Link to Hazardous Site Inventory: http://epd.georgia.gov/sites/epd.georgia.gov/files/2017HSI/10145.pdf
My professor introduced me to someone in the Stats Department who was more knowledgeable in SAS. He was able to draw out a quick sketch of what the table should probably look like. Then he further went on to say that SAS would be the perfect program to crank out this kind of table and using proc freq is the way to go. He said that SAS has the ability to create both of these tables in the sketch. I'm just confused on what the code should be for both of them. I know proc.freq is used for the second one but I think it would need some tweaking that I'm not familiar with. For the code to make the first table to include all the variables, I have no clue on what the code would be.
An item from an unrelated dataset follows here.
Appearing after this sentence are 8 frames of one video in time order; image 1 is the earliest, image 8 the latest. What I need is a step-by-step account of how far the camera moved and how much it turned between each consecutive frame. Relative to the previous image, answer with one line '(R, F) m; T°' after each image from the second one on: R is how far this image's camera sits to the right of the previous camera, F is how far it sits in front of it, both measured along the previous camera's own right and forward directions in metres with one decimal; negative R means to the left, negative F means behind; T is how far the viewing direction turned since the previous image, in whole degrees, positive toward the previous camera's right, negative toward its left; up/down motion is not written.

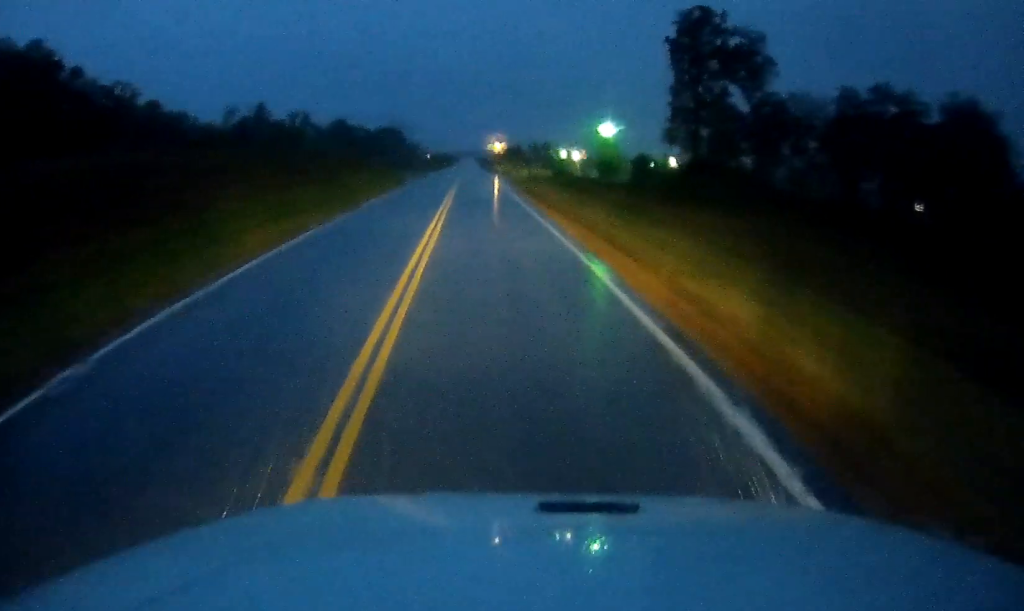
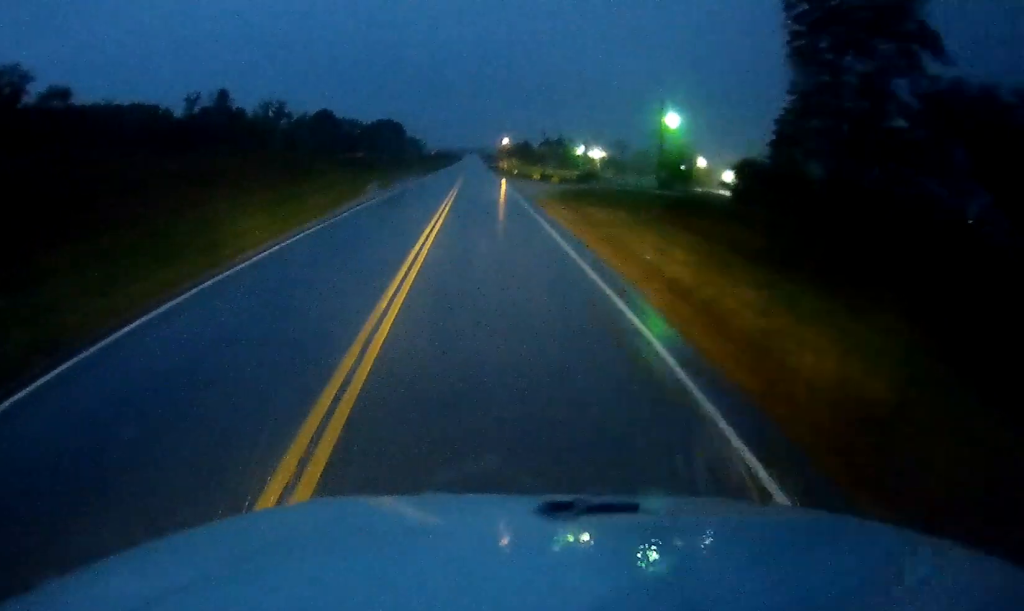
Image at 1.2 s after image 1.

Edit: Thought it would be more clear to see, but Pol = Pollutant. S and W means Soil and Water (Groundwater), respectively. For S and W, he used 0 and 1 to indicate whether the pollutant was found in soil or groundwater, just to be clear. Kinda like how 0 and 1 is used to indicate Gender.
So I'm assuming I'll have to make an excel spreadsheet containing the sites, counties, pollutants, and then upload this into the SAS library to create the tables, correct?
Sorry if this sounds all over the place. I'm just really confused on how to get started on this. Any help would be REALLY appreciated.
03-31-2018 10:03 PM
Seems like you have been advised to do a 4-way table with Proc freq.
This The FREQ Procedure will be useful to you.
You can use import wizards from the File menu in SAS if you are not confident to write code depending on how your input data file is like (.xls or .csv or .txt or stata or spss or other formats) to read your data into SAS. However, csv is preferred because it will generate the code for you which you can reuse after loading the data into SAS.
04-01-2018 12:15 AM
Sounds like your top table could be compiled with something like this:
proc sql; create table polCounts as select County, Site, Pollutant, sum(matrix="Soil") as nbSoil, sum(matrix="Groundwater") as nbWater from myData group by County, Site, Pollutant; quit;
where myTable would be your input data table with columns County, Site, Pollutant, and Matrix ("Soil" or "Groundwater")
replace sum(matrix="Soil") as nbSoil with sum(matrix="Soil") > 0 as nbSoil if you only want zeros and ones.